1. Explain briefly how the Shock Doctrine, according to the film, was used to impose neo-
liberal policies in developing countries like Philippines.

• Before watching the documentary of Klein, I thought "Shock Doctrine has something
to do with experimenting people or whatever. But of course, it was actually half and
half. "Shock Doctrine" according to the film, is "The systematic raiding of the public
sphere in the aftermath of a disaster, when people are too focused on the emergency,
on their daily concerns, to protect their interests". On the beginning of the
documentary, it was said there that professor of Economics in University of Chicago,
Milton Friedman, made an experiment to his patients which is called "shock therapy".
The goal of the experiment according to this, is to continue or to encourage society to
accept a form of deregulated capitalism. He made this kind of crisis, experimenting
people, to implement this type of neoliberalism.
The Asian Financial crisis which happened in 1997 was also included on the events.
A lot of Corporate Elites are in conjunction with the government and unfair regimes
in some of the countries have sought to profit out of times of disaster. Some of the
people sympathize to them, but neoliberalists see opportunity.

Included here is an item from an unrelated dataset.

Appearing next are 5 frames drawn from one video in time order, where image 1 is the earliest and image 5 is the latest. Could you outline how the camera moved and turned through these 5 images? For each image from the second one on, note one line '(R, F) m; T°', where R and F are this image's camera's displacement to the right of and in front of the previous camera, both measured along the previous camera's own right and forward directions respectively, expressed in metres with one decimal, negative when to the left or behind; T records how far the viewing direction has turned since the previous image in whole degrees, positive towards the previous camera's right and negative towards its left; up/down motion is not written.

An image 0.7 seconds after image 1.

2. According to the film, how are financial institutions like the World Bank and IMF involved
in the rise of disaster capitalism?

• So basically, based on what I understand, World Bank and IMF or International


Monetary Fund are run by the Western nations and neo-colonial powers of the U.S.
Want to save the world? Sell it off! That time, the era of "structural adjustment", also
known as "the dictatorship of debt", countries had nowhere to go for their debts but
the IMF and World Bank. By the time Hurricane Katrina hit New Orleans and
Republican politicians started talking about ‘clean slates’ and exciting opportunities,
it was clear to Klein that this was now the preferred method of advancing corporate
goals. She concluded there was a fundamental change in the drive to ‘liberate’ markets.
She had witnessed business-friendly policies imposed through arm-twisting at WTO
summits, or as conditions attached to IMF loans. The three trademark demands –
privatization, government deregulation and deep cuts to social spending – were
unpopular with citizens, but when the agreements were signed there was still at least
the pretext of mutual consent. Now the same ideological program was being imposed
under foreign military occupation or immediately following a natural disaster.
3. Who are the winners and losers in an economic shock therapy? Give a specific example of
a neoliberal policy in the Philippines and demonstrate who the winners and losers of this
neoliberal policy are in the Philippine context?

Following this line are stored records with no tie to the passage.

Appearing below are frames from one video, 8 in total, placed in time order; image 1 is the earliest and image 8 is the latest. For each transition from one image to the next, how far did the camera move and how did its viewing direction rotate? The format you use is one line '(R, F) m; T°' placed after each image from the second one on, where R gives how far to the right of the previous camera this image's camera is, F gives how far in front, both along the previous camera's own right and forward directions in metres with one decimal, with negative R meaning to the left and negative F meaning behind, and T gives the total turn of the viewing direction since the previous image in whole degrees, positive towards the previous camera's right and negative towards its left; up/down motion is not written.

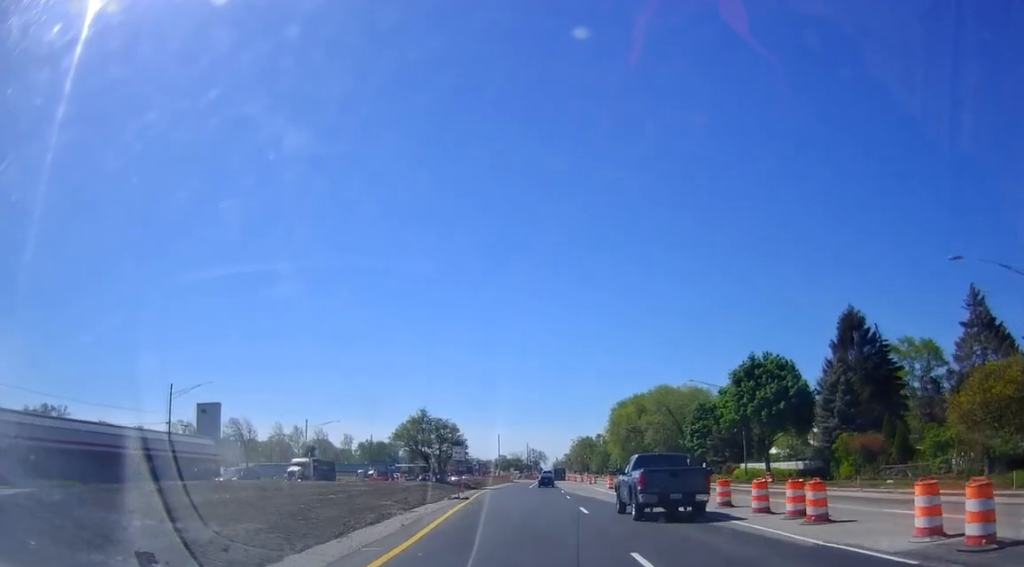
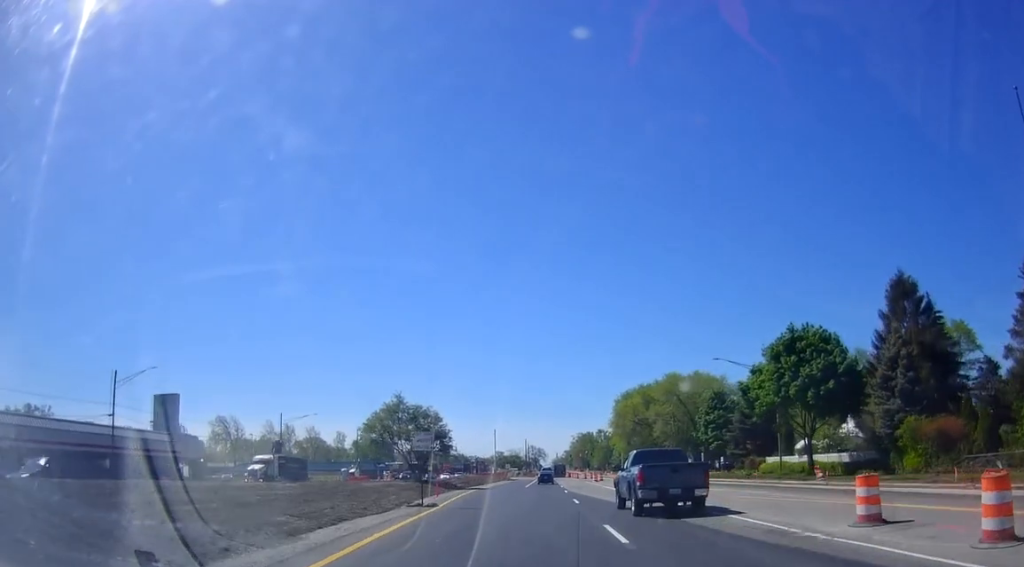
(+0.4, +10.5) m; +1°
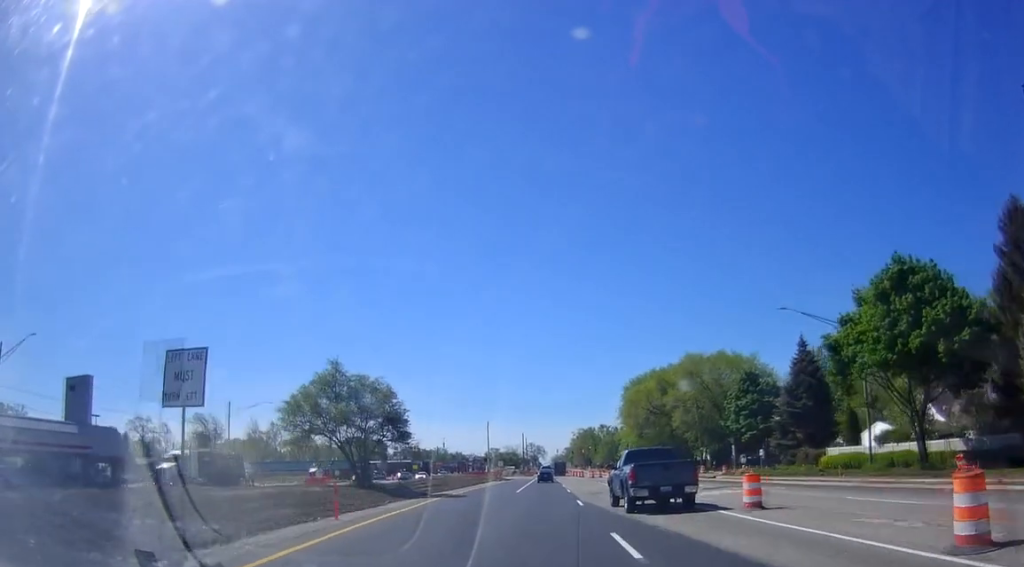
(+0.2, +17.1) m; +1°
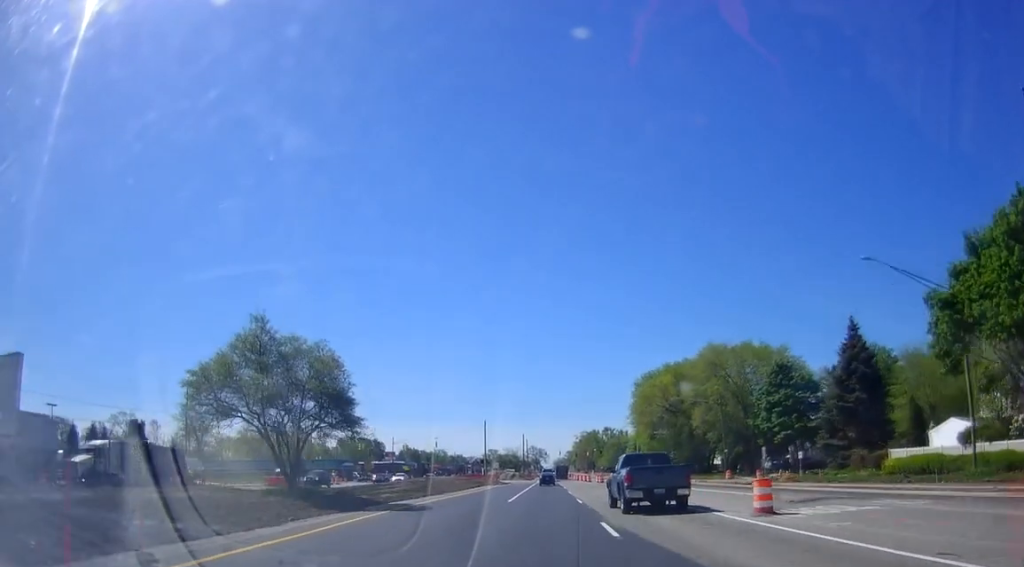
(-0.2, +11.4) m; 0°
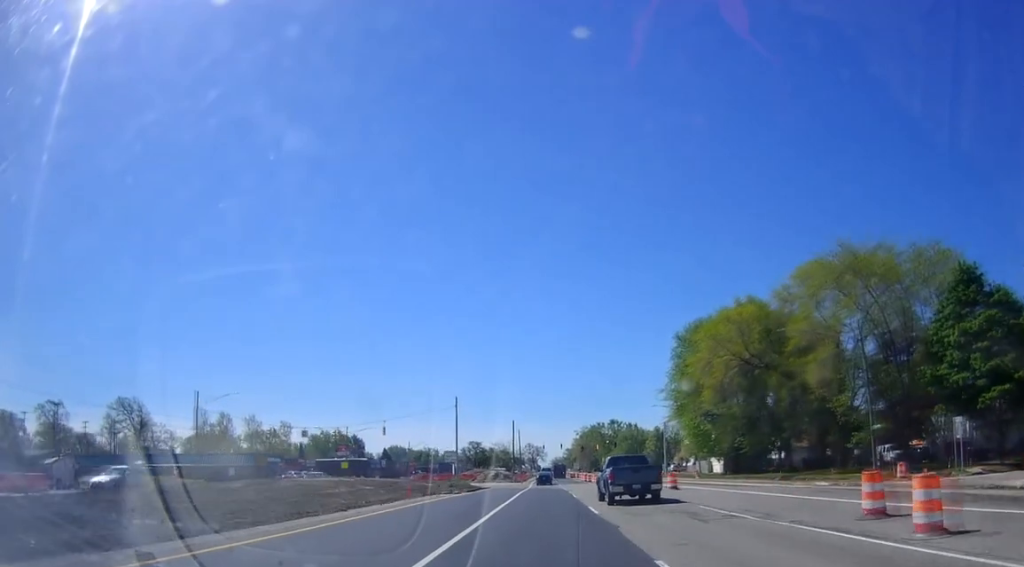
(+0.4, +38.4) m; -1°
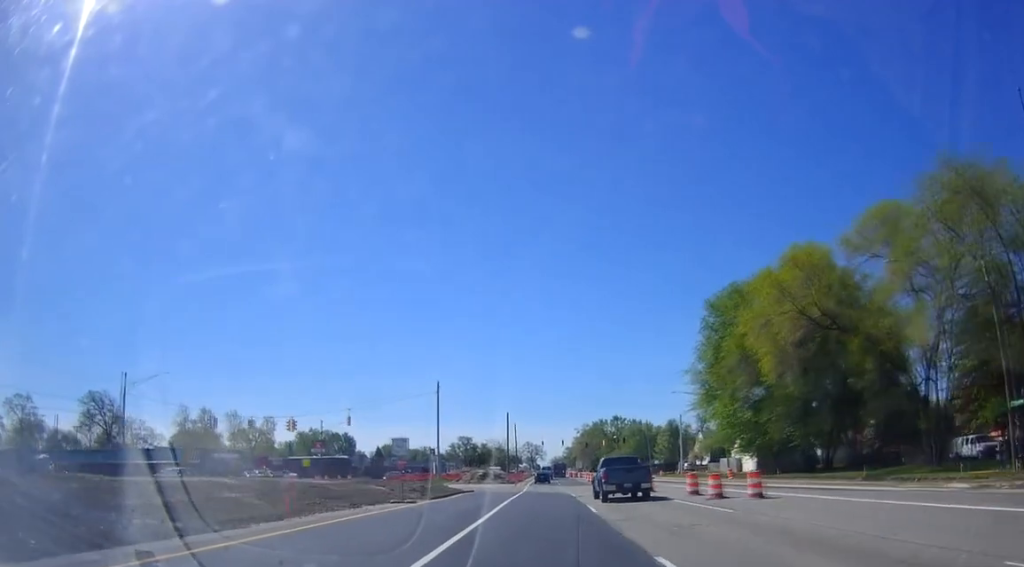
(-0.6, +14.7) m; 0°
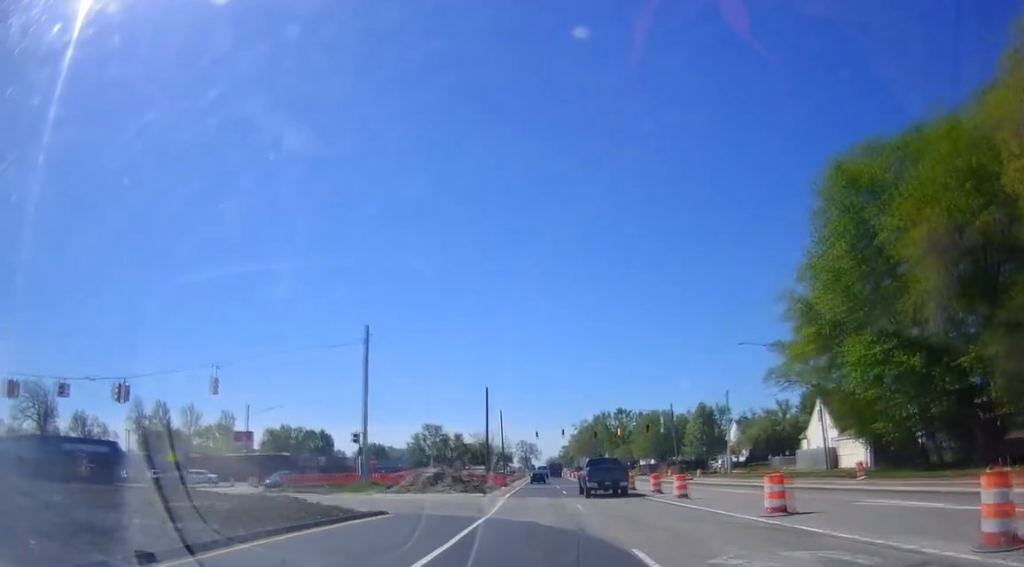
(+1.7, +29.6) m; +4°
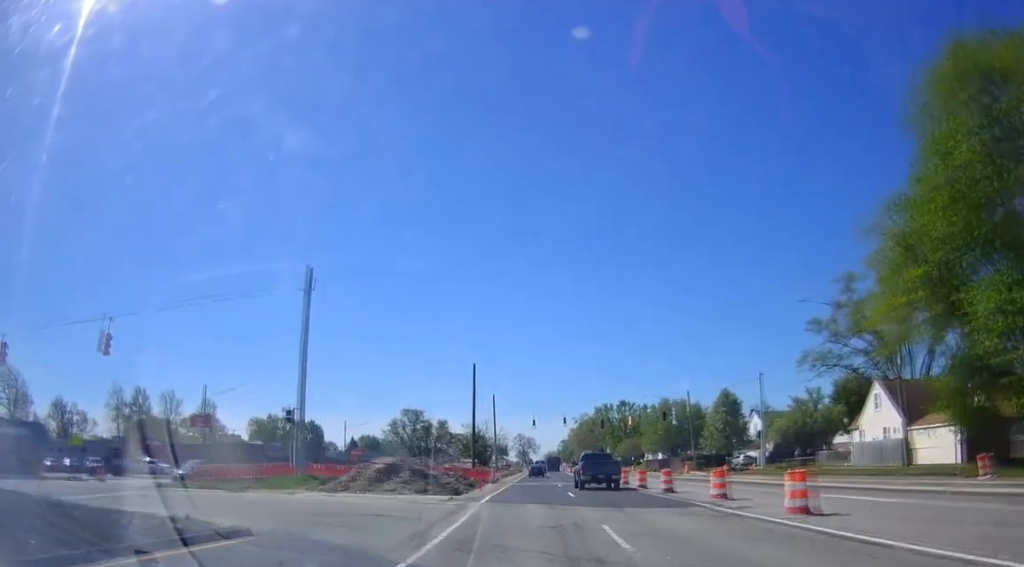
(+0.1, +12.5) m; 0°

• The Economic shock therapy in the documentary was indeed a negative impact for me
because it simply doesn't give justice to all as what've Klein said. If there are people
benefits this kind of process, it would only be the neoliberalists. In the Philippines,
neoliberalism first came in the form of the structural adjustment program imposed by
the World Bank in the early 1980’s, in the latter’s effort to strengthen the economy’s
capacity to service its massive external debt. Structural adjustment helped trigger the
economic crisis of the early 1980’s, its contractionary effects being magnified by the
onset of the global recession. The crisis was the country’s worst since the Second
World War, but the role of neoliberal economics in precipitating it was shrouded by
its coinciding with the deep political crisis triggered by the Aquino assassination in
August 1983. To most Filipinos, Marcos was the cause of both crises. To summarize
these, neo-liberalism did nothing so much positive impact in reality as what Klein said.